Una promessa di libertà: il sogno federale
«Lasciate alle regioni e ai comuni tutti i loro denari, all’infuori di quelli che sono necessari al governo centrale per compiere le sue funzioni di interesse nazionale; e allora, solo allora le spese si ripartiranno egualmente, ma ognuno si terrà i suoi quattrini e li spenderà sul luogo come meglio crederà. Allora ci sarà una società libera, finché invece vi sarà un potere centrale incaricato di distribuire strade, ponti, acquedotti, istituti di istruzione, tribunali, reggimenti, vi saranno sempre ingiustizie fra le parti dello Stato.»
Con queste parole ho concluso il mio intervento dal palco di Bologna l’8 novembre 2015, al termine di quella giornata di memorabile mobilitazione in cui abbiamo riempito piazza Maggiore di migliaia di persone, famiglie, idiomi, culture e colori da tutta Italia al grido «Liberiamoci e ripartiamo». Una citazione del grande meridionalista Gaetano Salvemini che ho conservato nella tasca dei pantaloni per tutta quella mattina mentre mi godevo la piazza tra migliaia di persone, felice di perdermi tra saluti, abbracci, consigli, battute, risate.
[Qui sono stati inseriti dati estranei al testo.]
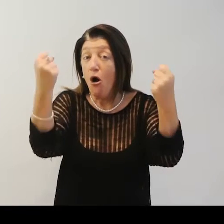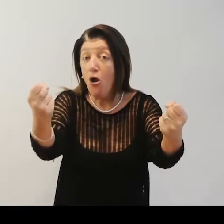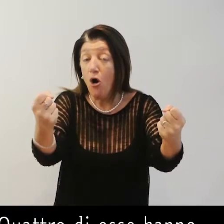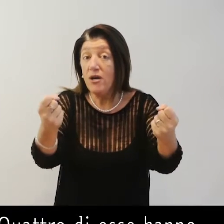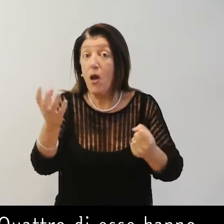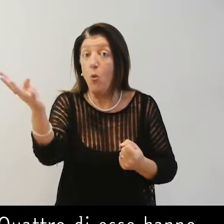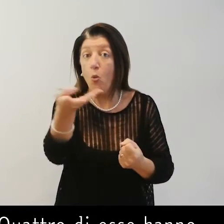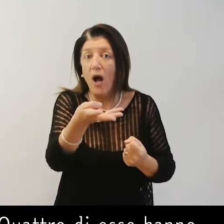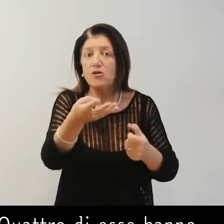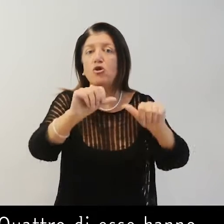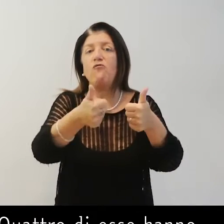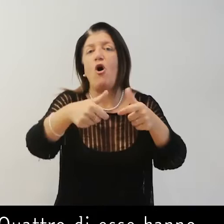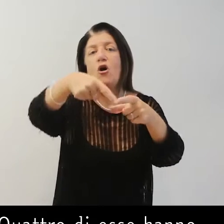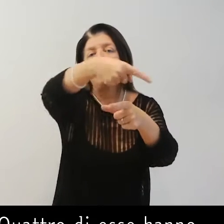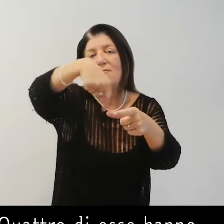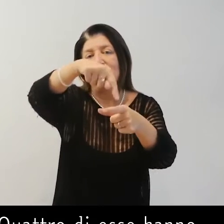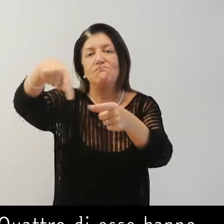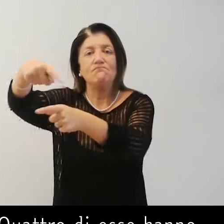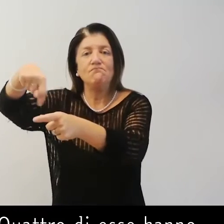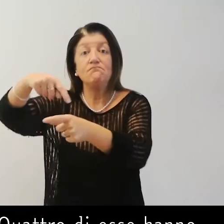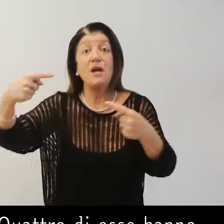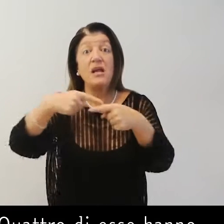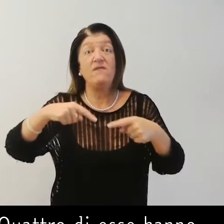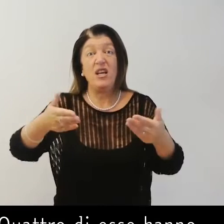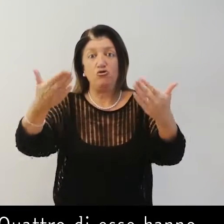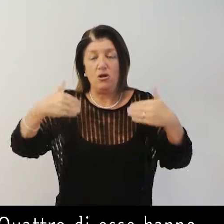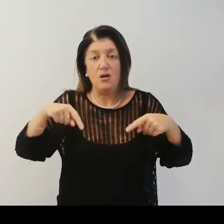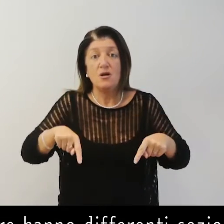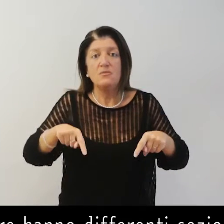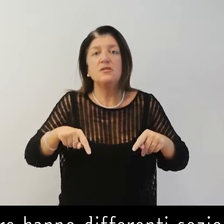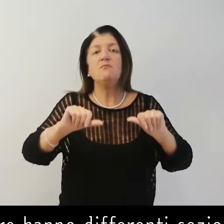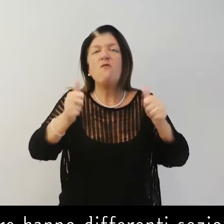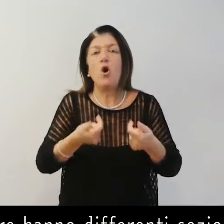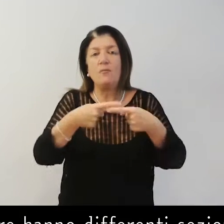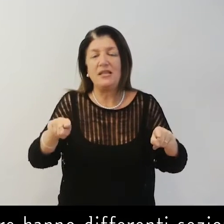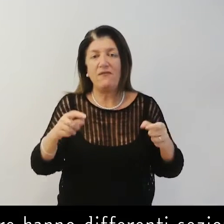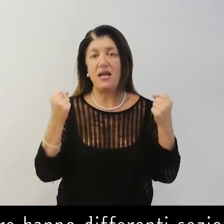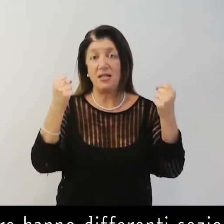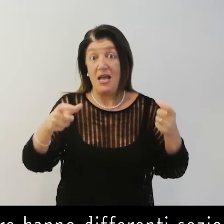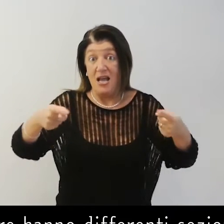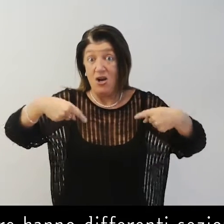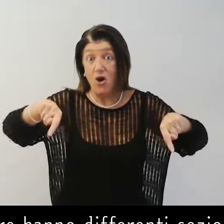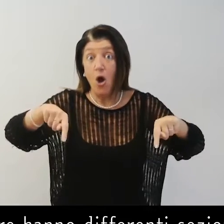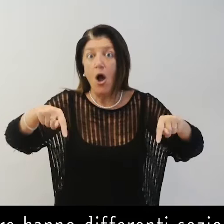Quattro di esse hanno identica sezione cilindrica. Le altre hanno differenti sezioni,

È così che «preparo» i miei interventi dal palco, anche i più importanti. Ancora una volta a braccio, senza nulla di scritto, a parte quelle poche righe preziose per cercare di far capire una volta di più che battersi per il federalismo – per la difesa delle comunità territoriali che compongono uno Stato centrale burocratico e accentratore, ingordo e predatore, per la necessaria tutela e valorizzazione delle loro tradizioni e delle loro culture, per la difesa della loro sovranità – non equivale a separare il Nord dal Sud.
Al contrario, il federalismo è l’unica medicina per risolvere i grandi mali di questo Paese, è l’unica via per unire nel rispetto del pluralismo e delle differenze i due lembi di questo lunghissimo Paese.
Profeti del Nord e profeti del Sud: Gaetano Salvemini, Guido Dorso e Luigi Sturzo – ma anche Emilio Lussu e Camillo Bellini, Ettore Ciccotti, Napoleone Colajanni e Andrea Finocchiaro Aprile – sono stati profeti inascoltati delle ragioni del Sud, esattamente quanto Carlo Cattaneo e Giuseppe Ferrari, il comunista Guido Fanti e Gianfranco Miglio, Silvio Trentin e Adriano Olivetti, il partigiano Emile Chanoux, Bruno Salvadori e Gilberto Oneto lo sono stati per il Nord. Su tutti loro ha avuto facile gioco chi, governo dopo governo, ha ingrassato lo Stato centrale grazie al divide et impera.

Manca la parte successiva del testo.